Uploaded image for project: 'Apache Trafodion (Retired)'
  1. Apache Trafodion (Retired)
  2. TRAFODION-2070

Trafodion cannot adjust your working status in time when network broken.

    XMLWordPrintableJSON

Details

    • Bug
    • Status: Closed
    • Major
    • Resolution: Cannot Reproduce
    • 2.0-incubating, 2.1-incubating
    • 2.3
    • dtm
    • None

    Description

      Issue Title: Trafodion cannot adjust your working status in time when network broken.

      Test Steps (including part 1 and part 2):
      Preconditoin: the testing environment is good, including HDFS, HBase and EsgnDB.
      Part 1: Network broken occurred for a long time, here limit it as 15 minutes.
      Step 0. We login a traci interface to run a SQL statement ‘STMT_A’, like insert/delete/update/select, at the same time, the sql statement has running for several minutes.
      Step 1. Use command ‘iptables -I INPUT -s $NODE_HOST -j DROP’ to make nap104 node’s network unreachable for 15 minutes.
      Step 2. Start to do check Step 0, major SQL command and HDFS/HBase running status.
      Here, check Step 0 and major SQL command should be on nap101, nap102 and nap103 nodes.
      T-1 :
      Step 0 Comments
      Expect 1. When TRAFCI is connected to nap104 node, the SQL statement ‘STMT_A’ run failed and exit TRAFCI normally.
      2. When TRAFCI is connected to nap101/nap102/nap103 node, the SQL statement ‘STMT_A’ run success and exit TRAFCI normally.
      Actual For expect 1:
      ISSUE 1: By checking the QID status of the SQL statement ‘STMT_A’, it normally displays “SQL>get statistics for qid MXID11003025894212331445711895145000000000206U3333300_339_SQL_CUR_7;

          • ERROR[2024] Server Process $ZSM003 is not running or could not be created. Operating System Error 14 was returned. [2016-05-31 09:22:48]”, back to TRAFCI interface, the SQL statement ‘STMT_A’ cannot be return in time but hang for a long time.

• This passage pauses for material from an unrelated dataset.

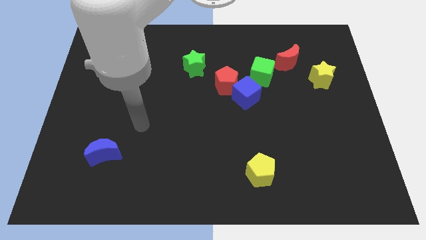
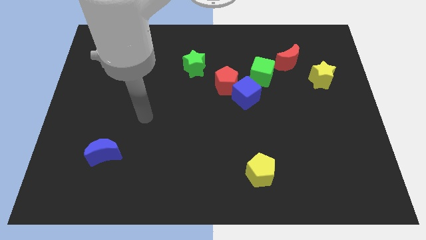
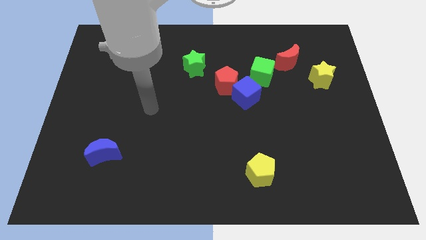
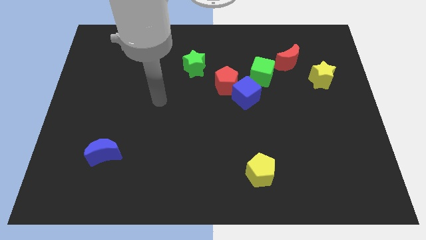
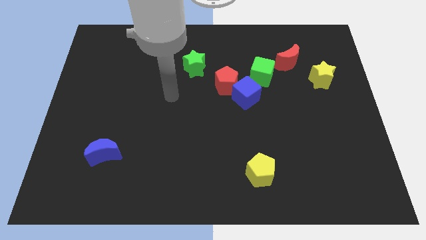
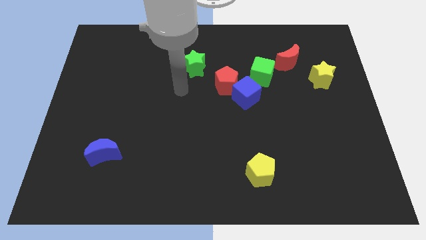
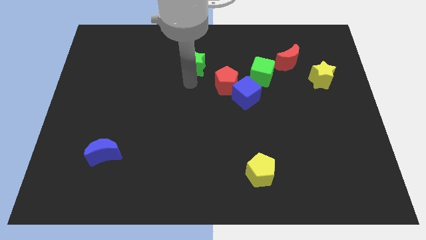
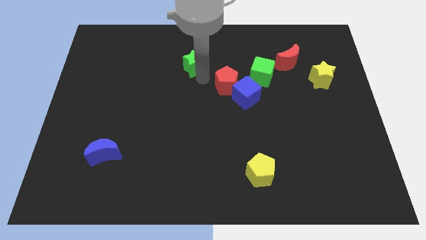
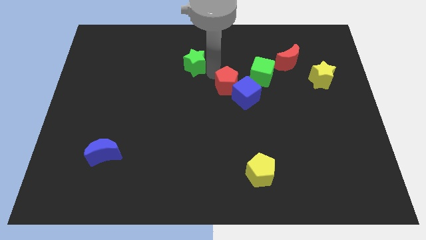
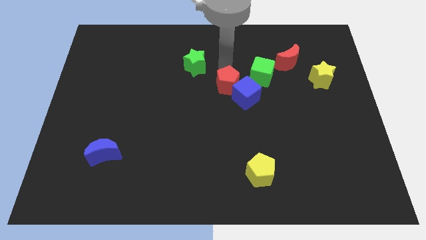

      ISSUE 2: At the same time, open a new TRAFCI that is connected to other node for example nap102, do SQL query statement ‘STMT_B’, using command ‘./offender -s active’ to check the QID status of the SQL statement ‘STMT_B’, but print the following error and say 0 row(s) selected
      “*** ERROR[8921] The request to obtain runtime statistics for ACTIVE_QUERIES=30 timed out. Timeout period specified is 4 seconds.

      — 0 row(s) selected.”
      ISSUE 3: back to the TRAFCI session of ‘STMT_A’ and ‘STMT_B’, we can see these TRAFCI sessions are interrupted because of the below error.
      “SQL>select [last 1] * from TRAFODION.JAVABENCH.YCSB_TABLE_20;

          • ERROR[29157] There was a problem reading from the server
          • ERROR[29160] The message header was not long enough

      SQL>insert into josh_test_after values (1);

          • ERROR[29443] Database connection does not exist. Please connect to the database by using the connect or the reconnect command.”.

      For expect 2:
      ISSUE 1: By checking the QID status of the SQL statement ‘STMT_A’, it normally displays
      “SQL>get statistics for qid
      MXID11002036628212331448817878591000000000206U3333300_325_SQL_CUR_5;+>

      Qid MXID11002036628212331448817878591000000000206U3333300_325_SQL_CUR_5
      Compile Start Time 2016/05/31 10:02:56.968052
      Compile End Time 2016/05/31 10:02:59.207231
      Compile Elapsed Time 0:00:02.239179
      Execute Start Time 2016/05/31 10:02:59.207468
      Execute End Time -1
      Execute Elapsed Time 0:05:46.731948
      State CLOSE”, back to TRAFCI interface, the SQL statement ‘STMT_A’ cannot be return in time but hang for a long time.
      ISSUE 2: at the same time, open a new TRAFCI that is connected to other node for example nap102, do SQL query statement ‘STMT_B’, using command ‘./offender -s active’ to check the QID status of the SQL statement ‘STMT_B’, but print the following error and say 0 row(s) selected
      “*** ERROR[8921] The request to obtain runtime statistics for ACTIVE_QUERIES=30 timed out. Timeout period specified is 4 seconds.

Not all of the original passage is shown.